Wednesday, October 29, 2014

Why You Cannot Be Taught a Foreign Language. Part 6


Language Matrix and Reverse Lingual Resonance

There is an indestructible link between our cognition and the actual process of articulation. The connection between prayer-like utterances, consciousness and the subconscious has been known for thousands of years. I assert that this connection can be and must be used in the learning of a foreign language.

Repeated vocalisation of foreign language texts in a loud and articulate manner along with an attempt to imitate the pronunciation of a native speaker as closely as possible produces a certain process in our nervous system that can be called a ‘reverse lingual resonance’. This resonance includes in itself a subconscious analysis of all linguistic structures and harmonies of the given language.

The reverse lingual resonance is certainly not based on the harmonies of the native language; it is based on the harmonies of a new and initially alien language that is being studied. The foreign harmonies eventually become somewhat customary for the person studying a foreign language through the use of a sort of matrix audio course and the repeated-aloud articulation of the ‘text mantras’. What happens in this process of subconscious analysis is the realisation of a deep kinship between the native language and a foreign language at the level of elemental cognition and its expression through the means of language.

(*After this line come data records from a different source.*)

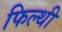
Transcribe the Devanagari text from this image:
फिल्थी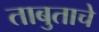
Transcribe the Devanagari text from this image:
ताबुताचे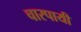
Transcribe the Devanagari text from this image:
चारपायी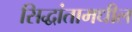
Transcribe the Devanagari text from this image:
सिद्धांतामधील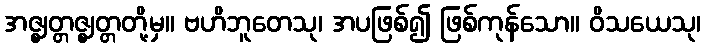
အဇ္ဈတ္တဇ္ဈတ္တတို့မှ။ ဗဟိဘူတေသု၊ အပဖြစ်၍ ဖြစ်ကုန်သော။ ဝိသယေသု၊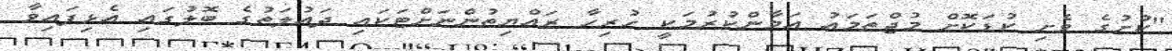
"ކުށުގެ ވެށި ކުޑަކޮށް މުޖްތަމައު އަމާންކުރުމަކީ ހުރިހާ ރައްޔިތުންނަށްޓަކައި ދައުލަތުގެ ބޮލުގައި އެޅިފައިވާ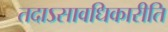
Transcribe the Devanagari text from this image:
तदाऽसावधिकारीति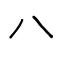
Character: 八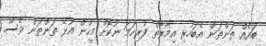
ބައެއް ތަންތަން އެބަހުރި އިމާރާތް ފުރިހަމަ ނުކޮށް މީހުން އުޅޭ ތަންތަން ވެސް.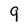
Character: 9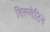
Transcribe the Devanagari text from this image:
सिस्प्लेटिन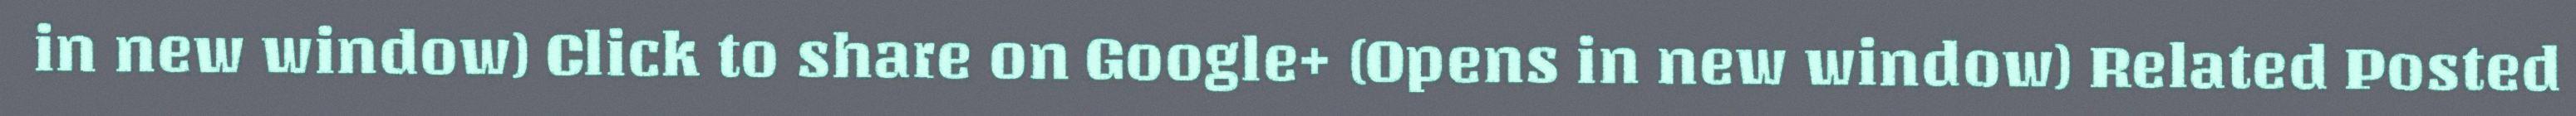
in new window) Click to share on Google+ (Opens in new window) Related Posted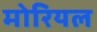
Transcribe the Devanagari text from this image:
मोरियल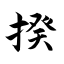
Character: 揆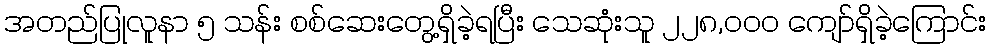
အတည်ပြုလူနာ ၅ သန်း စစ်ဆေးတွေ့ရှိခဲ့ရပြီး သေဆုံးသူ ၂၂၈,၀၀၀ ကျော်ရှိခဲ့ကြောင်း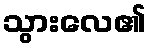
သွားလေ၏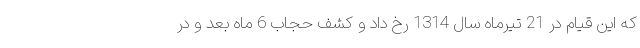
که این قیام در 21 تیرماه سال 1314 رخ داد و کشف حجاب 6 ماه بعد و در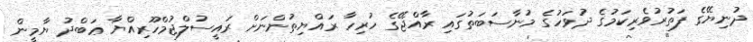
ދުނިޔޭގެ ފަތުރުވެރިކަމުގެ ދުވަހުގެ މުނާސަބަތުގައި ރާއްޖޭގެ ހުރިހާ ރައްޔިތުންނަށް ރައީސުލްޖުމްހޫރިއްޔާ ޢަބްދު ޔާމީން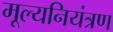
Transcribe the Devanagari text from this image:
मूल्यनियंत्रण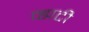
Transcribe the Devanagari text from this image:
व्ह्यटी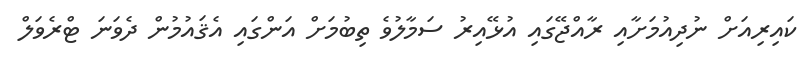
ކައިރިއަށް ނުދިއުމަށާއި ރާއްޖޭގައި އުޅޭއިރު ސަމާލުވެ ތިބުމަށް އަންގައި އެޤައުމުން ދެވަނަ ޓްރެވަލް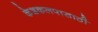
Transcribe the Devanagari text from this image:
केशकलपासाठी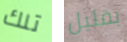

Such kinship, though varying in the degree to which it manifests itself, can be observed between all languages, including those that appear completely disparate. Thus, all languages in their essence ascend to one lingual core. The kinship between the languages can be discovered underneath layers of linguistic transformations accumulated over thousands and thousands of years, which is precisely what the matrix of reverse resonance is able to achieve when sufficiently continuous effort is applied to it.

Thus, the primary stage in studying a foreign language should be the building of this matrix of resonant mantras, consisting of various forms of speech, such as dialogues and other texts in the studied language, to read them aloud subsequently. From personal experience, I know that the optimally effective matrix should consist of 25–30 standard-sized dialogues or monologues (voiced by native speakers), each 300 to 500 characters or 20–50 seconds long.

Each unit should be listened to and then articulated to perfection before moving on to the next one, then the next one, etc. When a sufficient number of dialogues has been mastered, you need to continue reading them aloud from the first one to the last one and back again, within 2–3 months, then over and over and over again, until this reading aloud becomes as simple and habitual as stirring a teaspoon in a cup of coffee.

The dialogues and texts (in this book, the words ‘dialogues’ and ‘texts’, as used in the context of a matrix audio course, are synonymous and interchangeable) must be professionally voiced by native speakers at a normal rate of speech. The use of high-level vocabulary and corresponding grammatical models is preferred. Emotionally negative content should be avoided in the selection of the course content due to the strong possibility that frequent repetition of and listening to such negatively charged texts can have a negative psychological effect on the student. However, a certain emotionality in the dialogues is very much preferred because it reinforces the assimilation of language elements. Therefore, the desired ‘emotional coating’ must be positive.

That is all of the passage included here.